И тут безумная мысль мелькнула у меня в голове.
– Я понял, Тимур, что ты хочешь набить себе цену, но все мы прекрасно знаем, господа, сколько компания, действительно, стоит. Помнишь фильм с Деми Мур и Вуди Харрельсоном? Как он назывался? Кажется, «Непристойное предложение»? Так вот, я только что подумал, что готов сделать тебе такое же предложение: я готов накинуть сверху ещё три процента от суммы за ночь с Диной. Что скажешь? – и я с довольным видом откинулся на спинку кресла, представляя, как Тимур сейчас от жадности просто сойдёт с ума.
Девчонка, услышав мои слова за своей спиной, остановилась и ещё раз внимательно посмотрела мне прямо в глаза. Спокойно и серьёзно. И от её взгляда мне стало не по себе. И я заметил, наконец-то, что она прекрасна. А она открыла дверь, и вышла из комнаты. А я так и не смог забыть её.

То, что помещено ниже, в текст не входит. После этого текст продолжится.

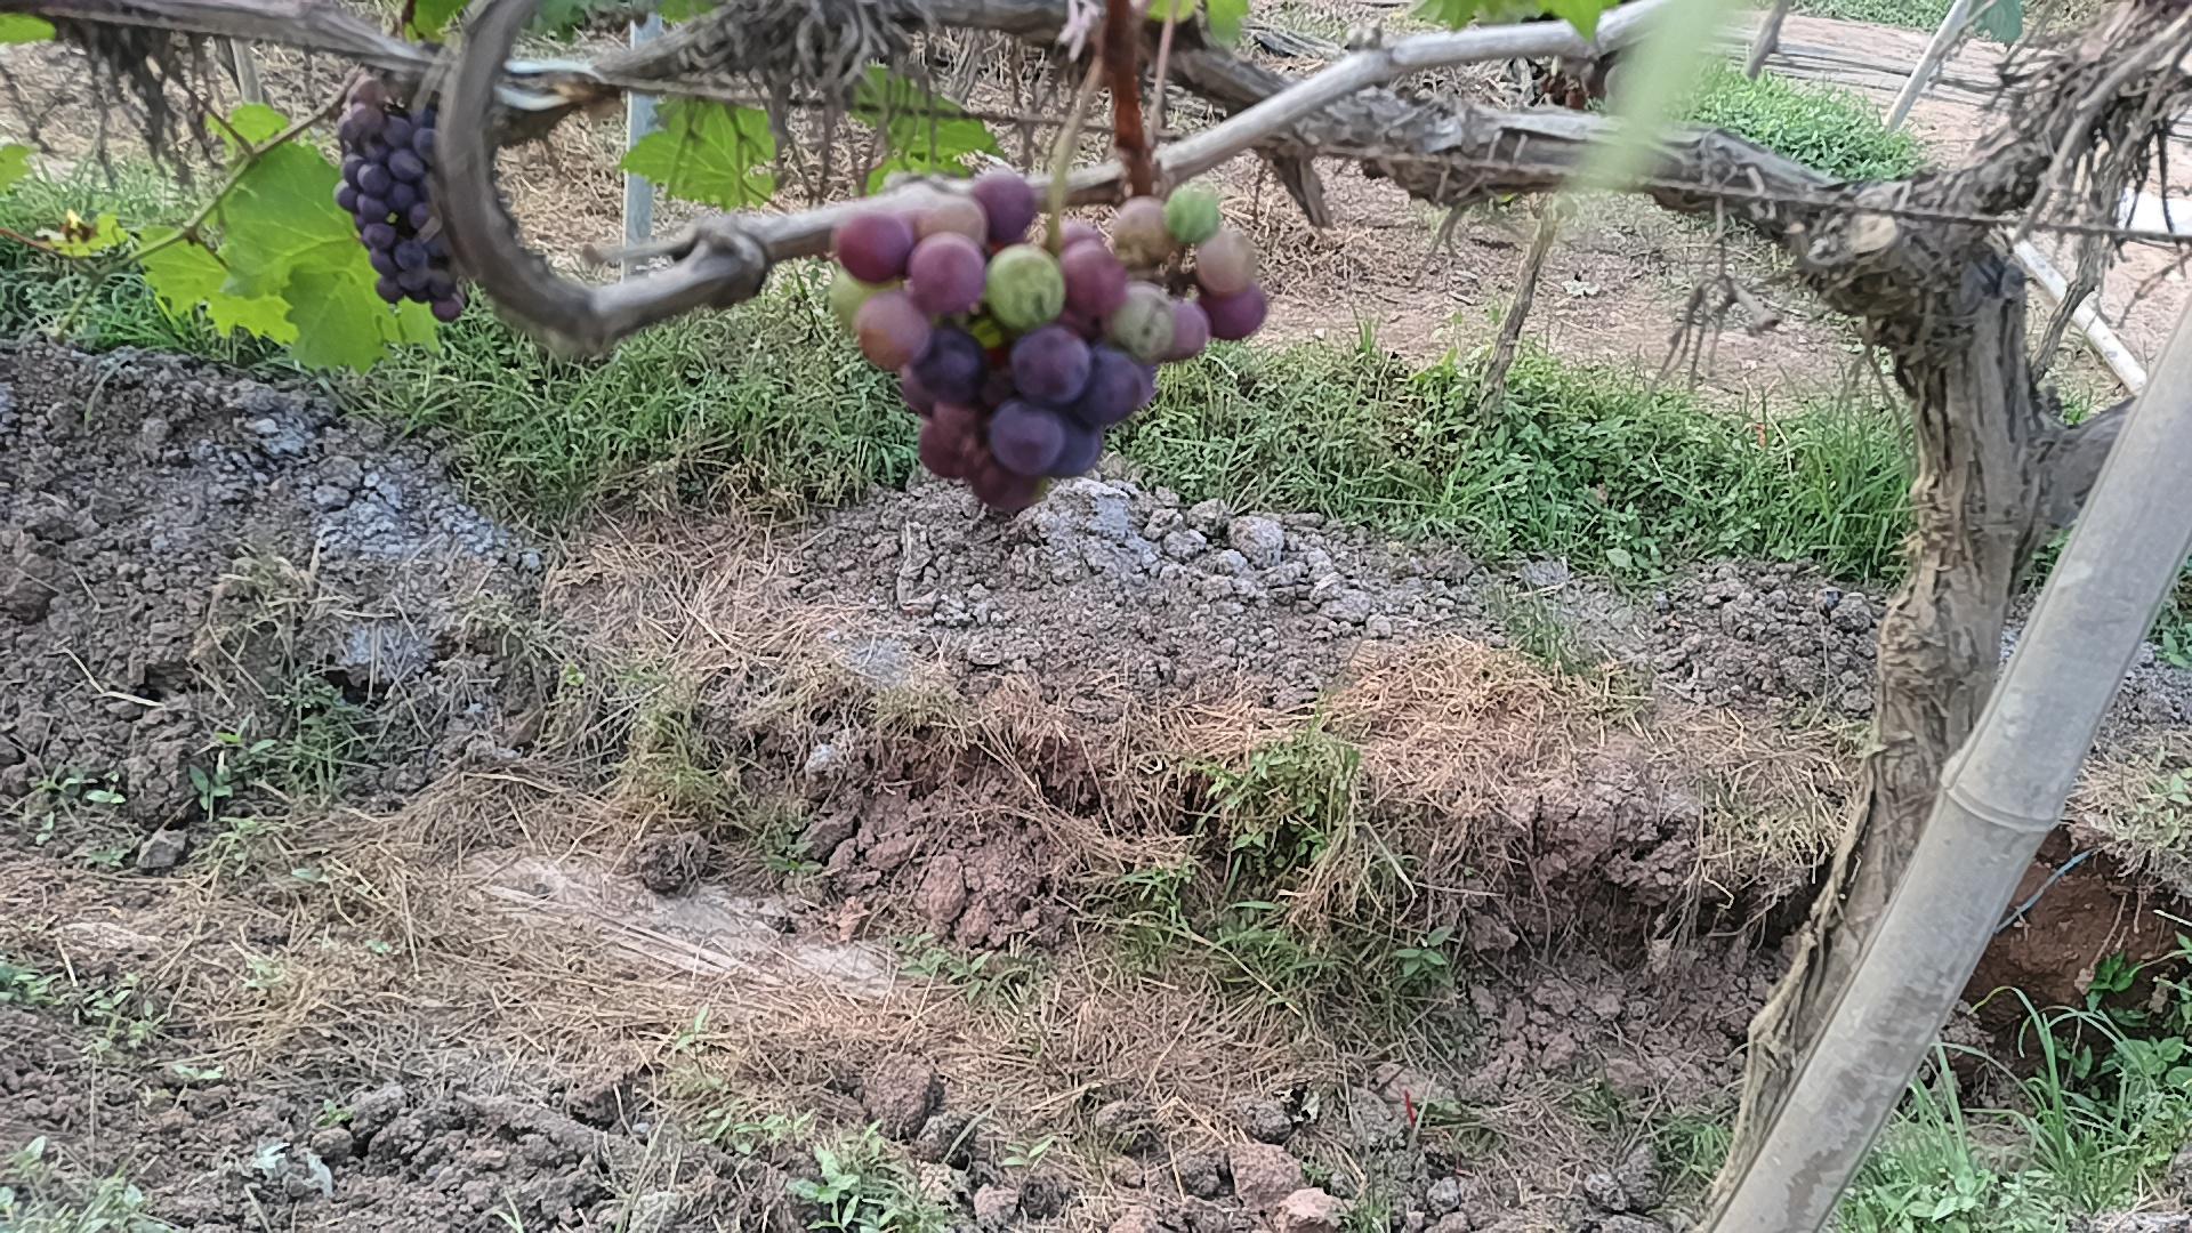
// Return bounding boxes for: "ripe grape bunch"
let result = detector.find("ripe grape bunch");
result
[336,78,466,321]
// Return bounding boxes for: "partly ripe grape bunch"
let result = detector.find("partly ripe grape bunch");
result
[832,170,1266,514]
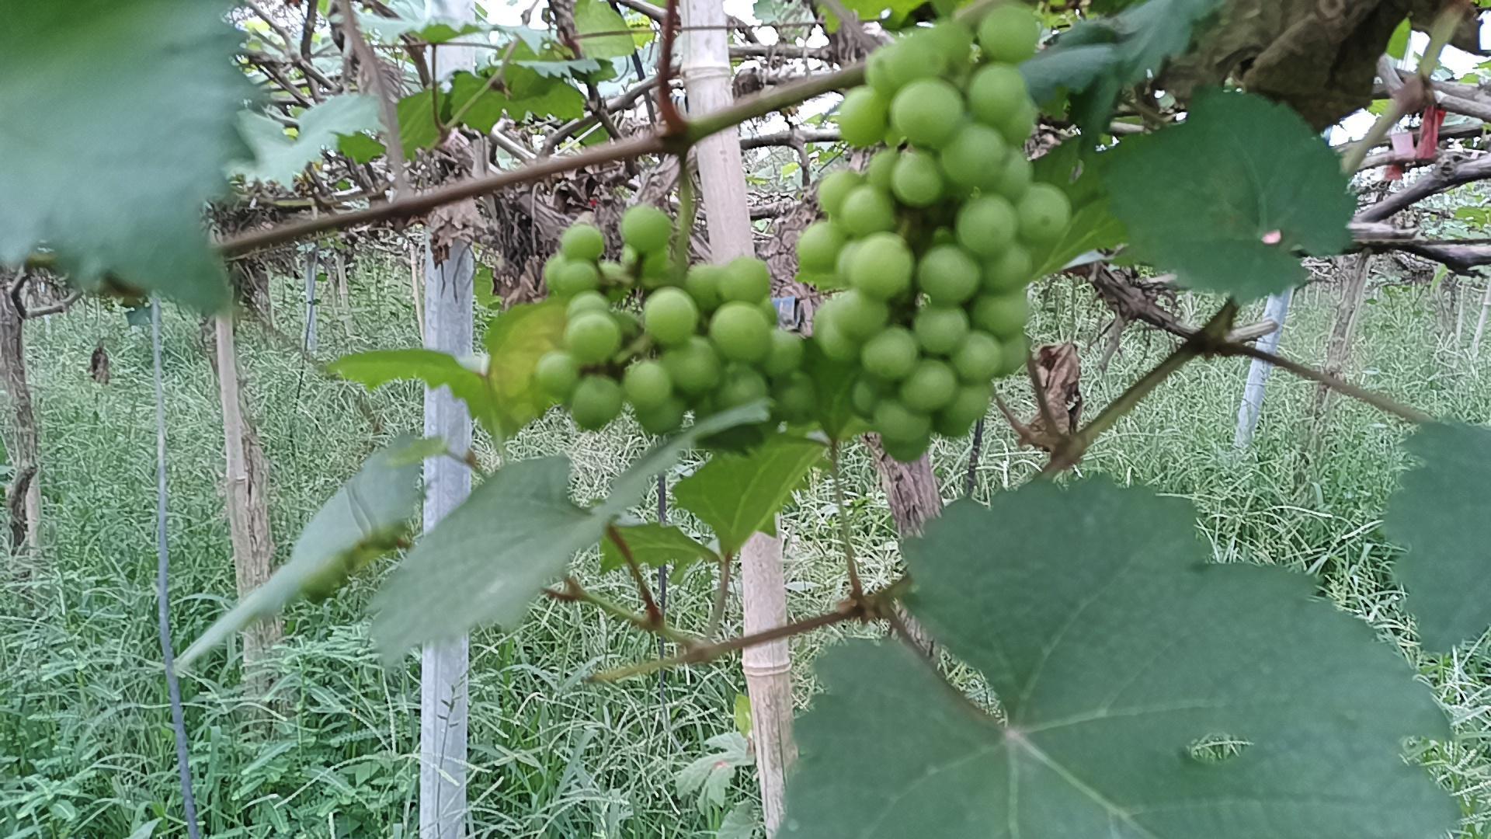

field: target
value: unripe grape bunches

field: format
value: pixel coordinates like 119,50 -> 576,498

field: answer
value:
531,206 -> 812,433
798,0 -> 1071,460
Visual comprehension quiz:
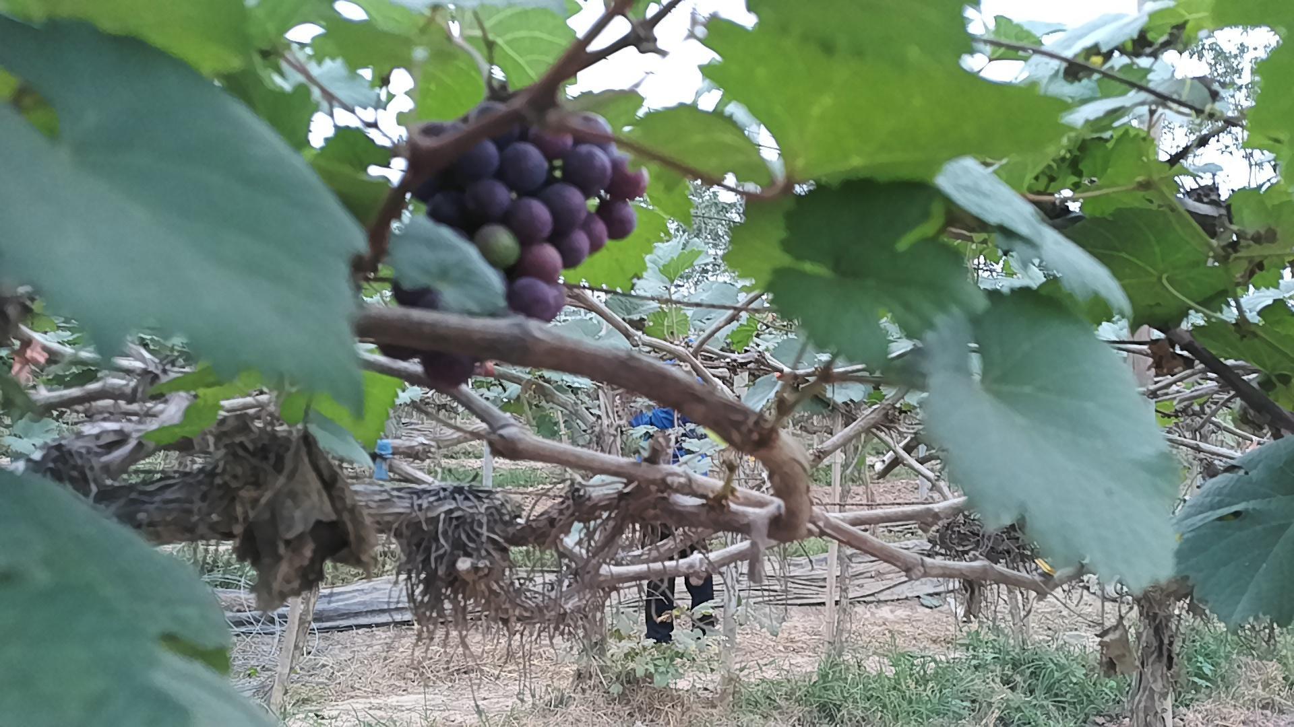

Уже вечером, после нашей встречи, я сидел где-то в баре с Серым и лениво раздумывал, стоит ли мне взять телефон у очередной смазливой официанточки, которая вот уже час слишком усердно строила мне глазки. После долгих лет жизни в столице, я с удивлением и удовлетворением обнаружил, что Уфа была просто набита экзотическими красотками, и я мог поиметь практически любую из них. Я даже забыл, какая гремучая смесь татарских, башкирских и русских кровей текла в их венах, выдавая целый ряд причудливых и необычных черт, которым могли бы позавидовать самые известные глянцевые издания и дома мод. Жаль, что до Уфы, по всей видимости, очень редко добирались скауты мировых модельных агентств, но зато добрался я, и теперь чувствовал себя избалованным ребёнком в лавке сладостей: лишь только протяни руку к любой конфетке – и она твоя. На одну ночь, или парочку, как пойдёт.